Sucede que, como ya ocurrió años pasados con una manifestación similar, los “graciosos” de siempre optaron por colocar pañuelos de color violeta – identificatorios del movimiento que pugna por la igualdad de derechos entre la mujer y el hombre-, en distintos monumentos de la plaza Dardo Rocha, escenario de la movilización del último jueves.
Es así que los bustos que recuerdan a Angel Murga, fundador de Necochea; el almirante Guillermo Brown, héroe en la lucha por la independencia de nuestro país el de Eva Duarte de Perón, de fuerte impronta en la historia más reciente de la Argentina; y la imagen de la madre y su hijo, en el monumento de la Madre, se vieron cubiertos en parte por estos pañuelos y se hizo una pegatina en el de la Madre, la actitud se transforma en una afrenta inaceptable para testimonios históricos.

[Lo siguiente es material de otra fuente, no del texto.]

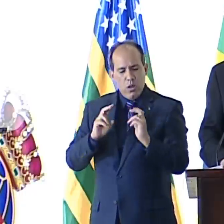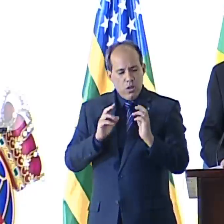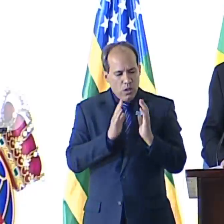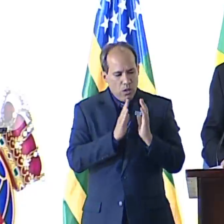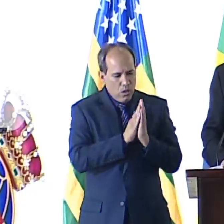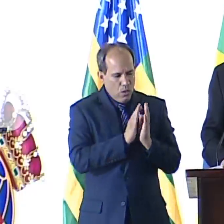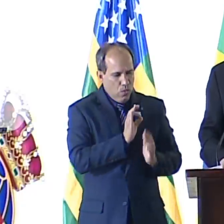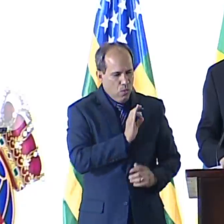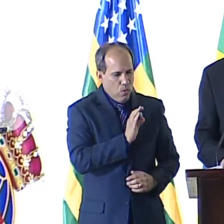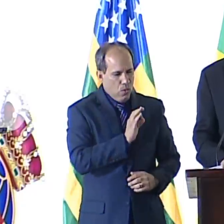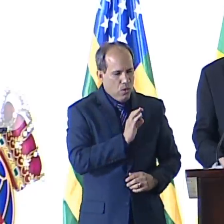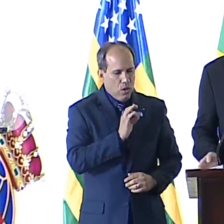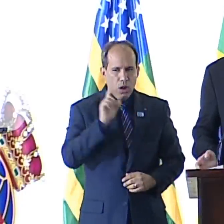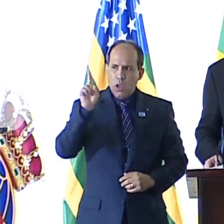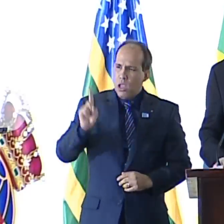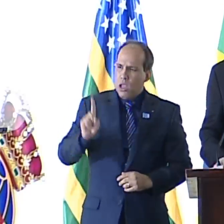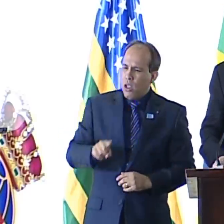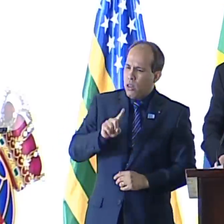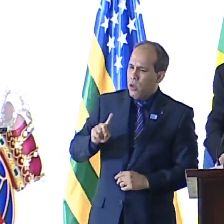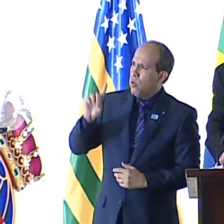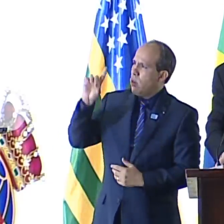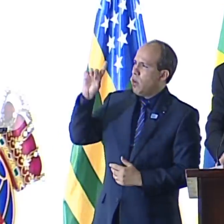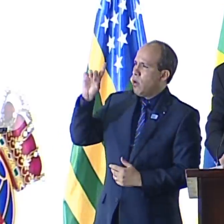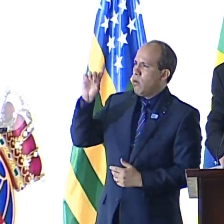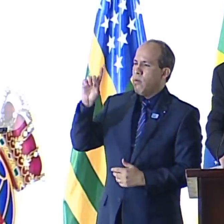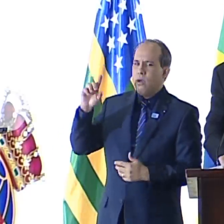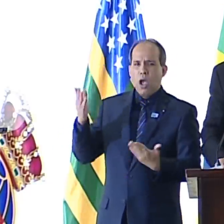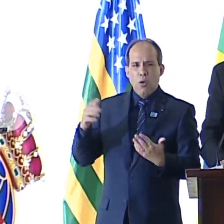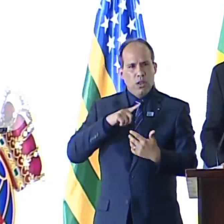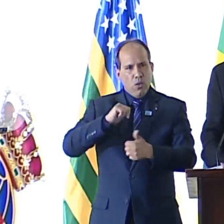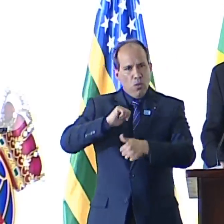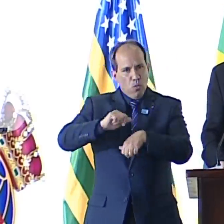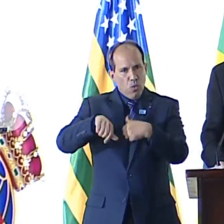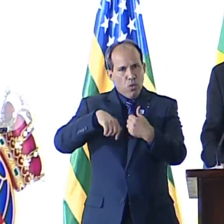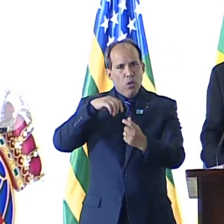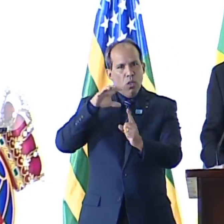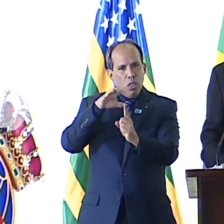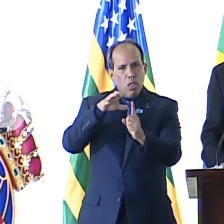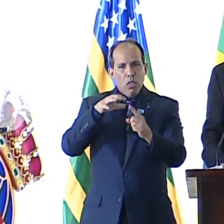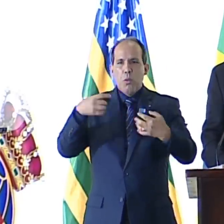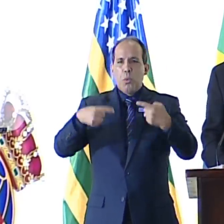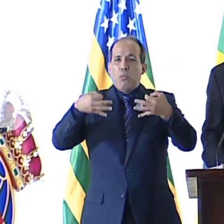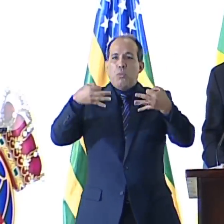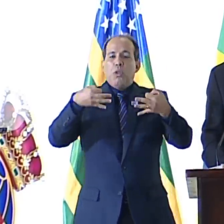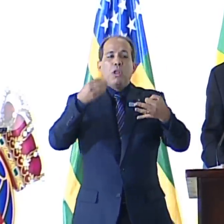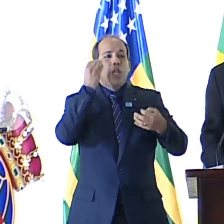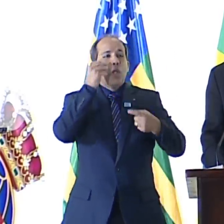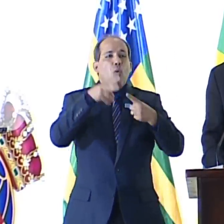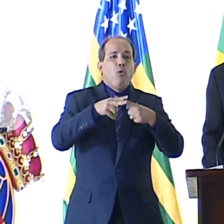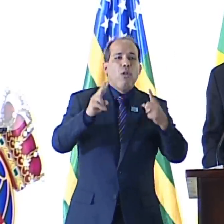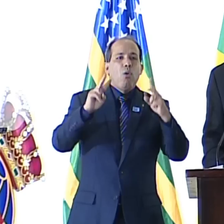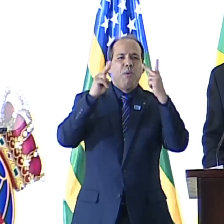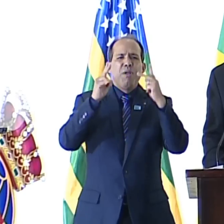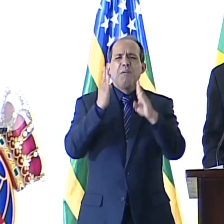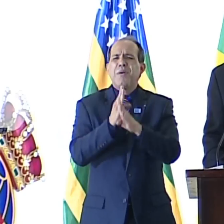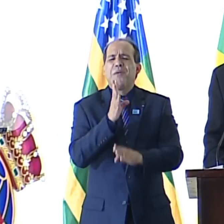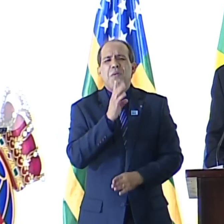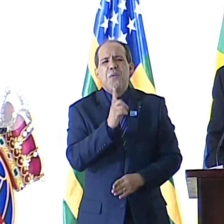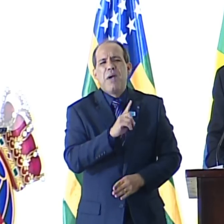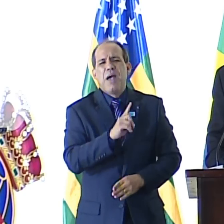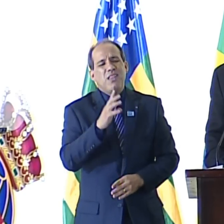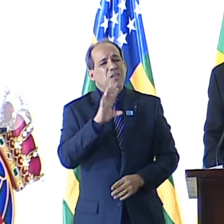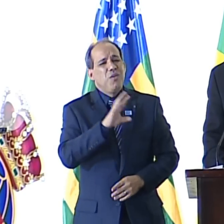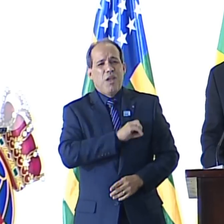proscrito. Hoje temos o globalismo e o politicamente correto, tentando consertar a humanidade sem entendê-la e sem amá-la.

Asimismo estas provocaciones, si se quiere identificarlas de otra manera, se constituyen en un pésimo ejemplo dado por quienes entienden sólo el reclamo de sus derechos, degradando así el merecido recuerdo de aquellos que han forjado nuestro pasado.
Estos pañuelos en los monumentos, como las pintadas en el asfalto, la quema de cubiertas, la mutilación y graffitis de estatuas y otros elementos de los paseos públicos, o la rotura permanente de juegos en las plazas, son un agravio para una sociedad que quiere vivir en paz y sin agresiones de cualquier índole.

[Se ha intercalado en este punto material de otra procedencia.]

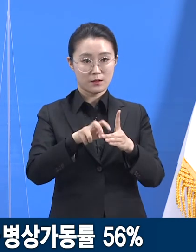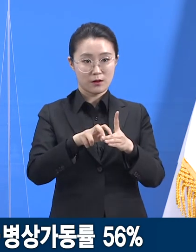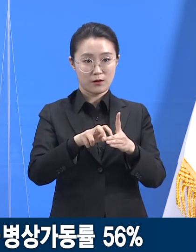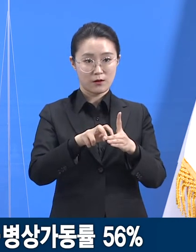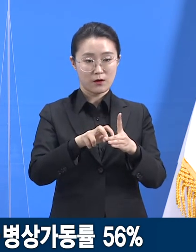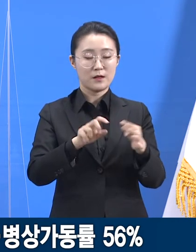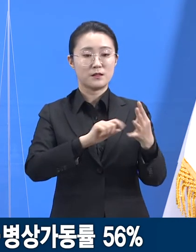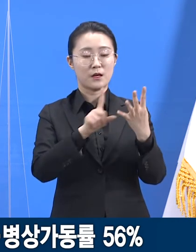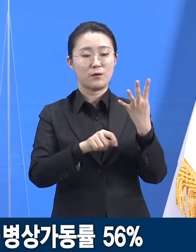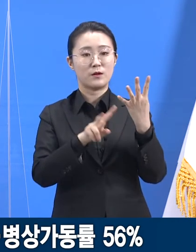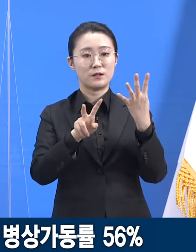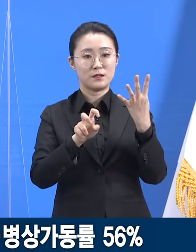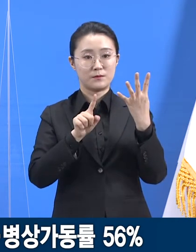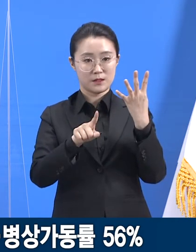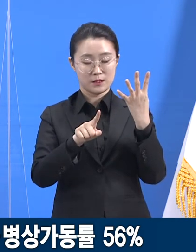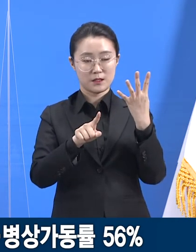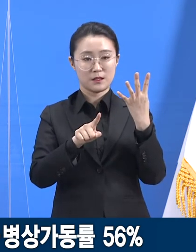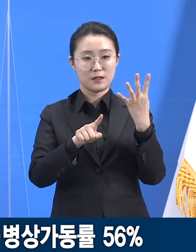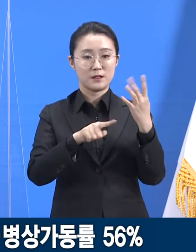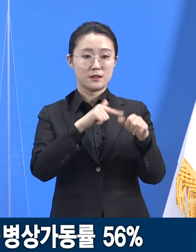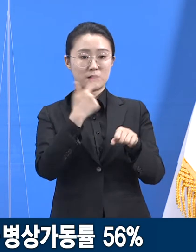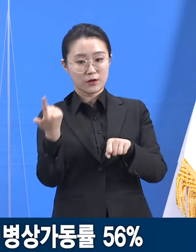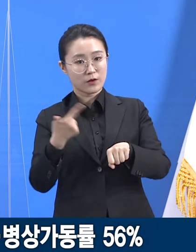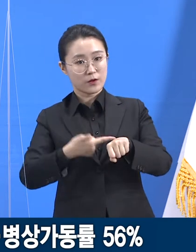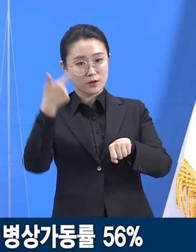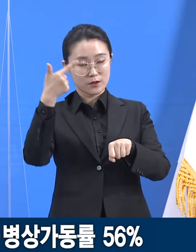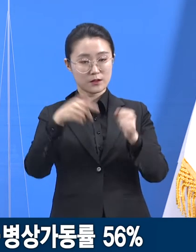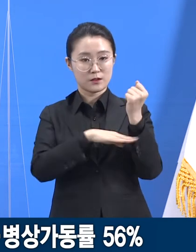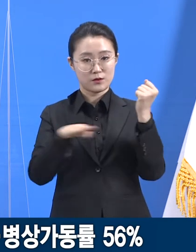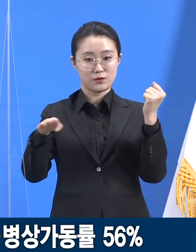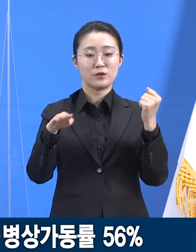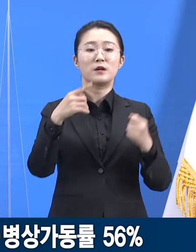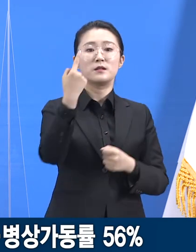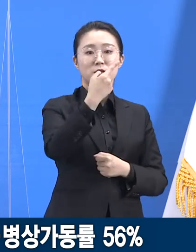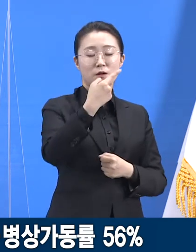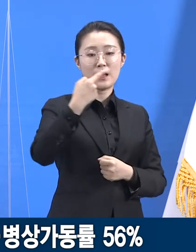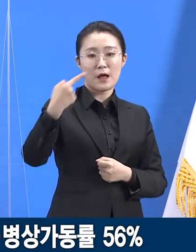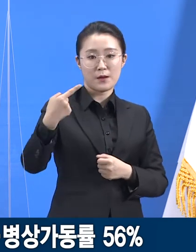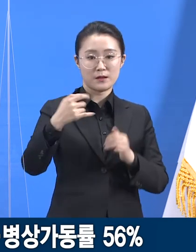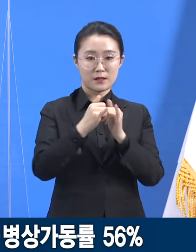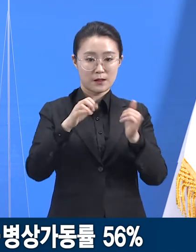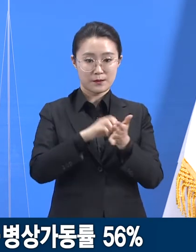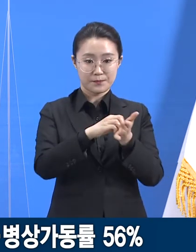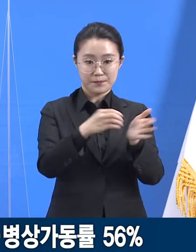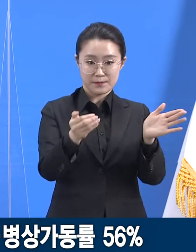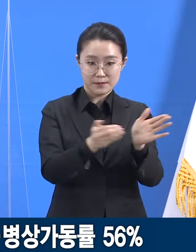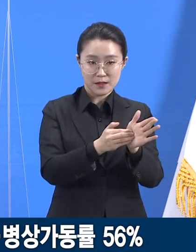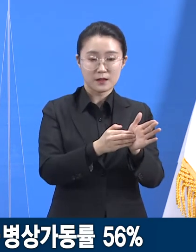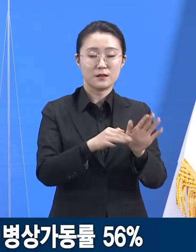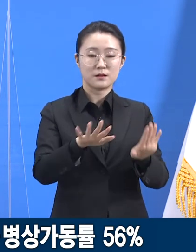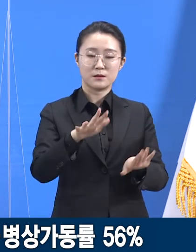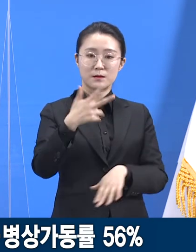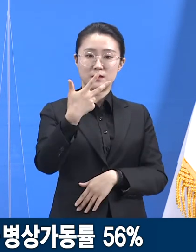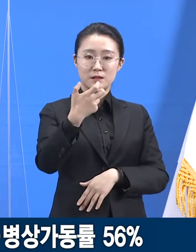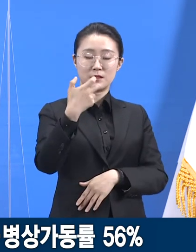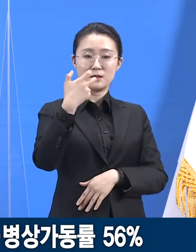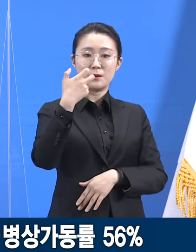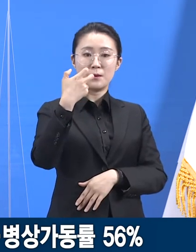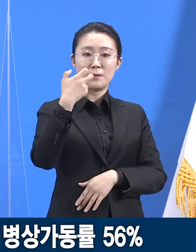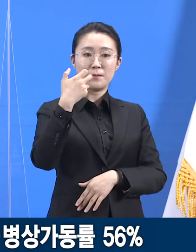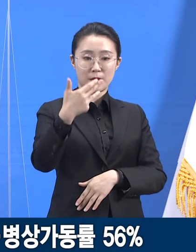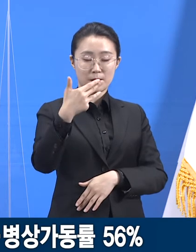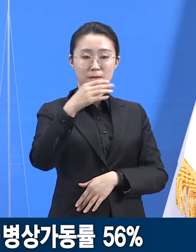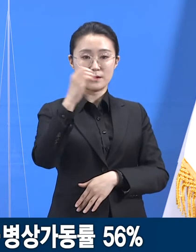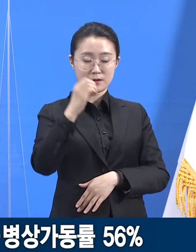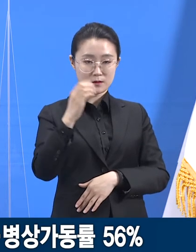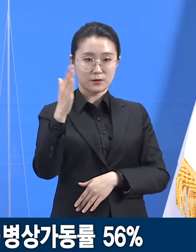21일 18시 기준 1,001명이 입소해 78.1%의 가동률을 보이며 자녀 수용

En estos casos los daños obligan al municipio a su reparación y por ende distraer innecesariamente el dinero de los contribuyentes.
¿Qué placer tienen quienes rompen, dañan o cubren de sus distintivos a los monumentos? ¿Qué es lo que les produce tanto desprecio al mobiliario público? ¿Cómo se pueden cambiar este tipo de actitudes?
Todos estos interrogantes parecen no tener respuesta ante la realidad que se repite periódicamente, haya o no un acto de por medio.
Sin embargo el “remedio” principal para que esto no ocurra es la educación, primero desde el hogar y luego de la escuela acerca del respeto a la historia y a no dañar porque si, estúpidamente. Hay que recordar que el derecho de uno termina donde empieza el del otro.///
(Publicado domingo 11 de marzo de 2018)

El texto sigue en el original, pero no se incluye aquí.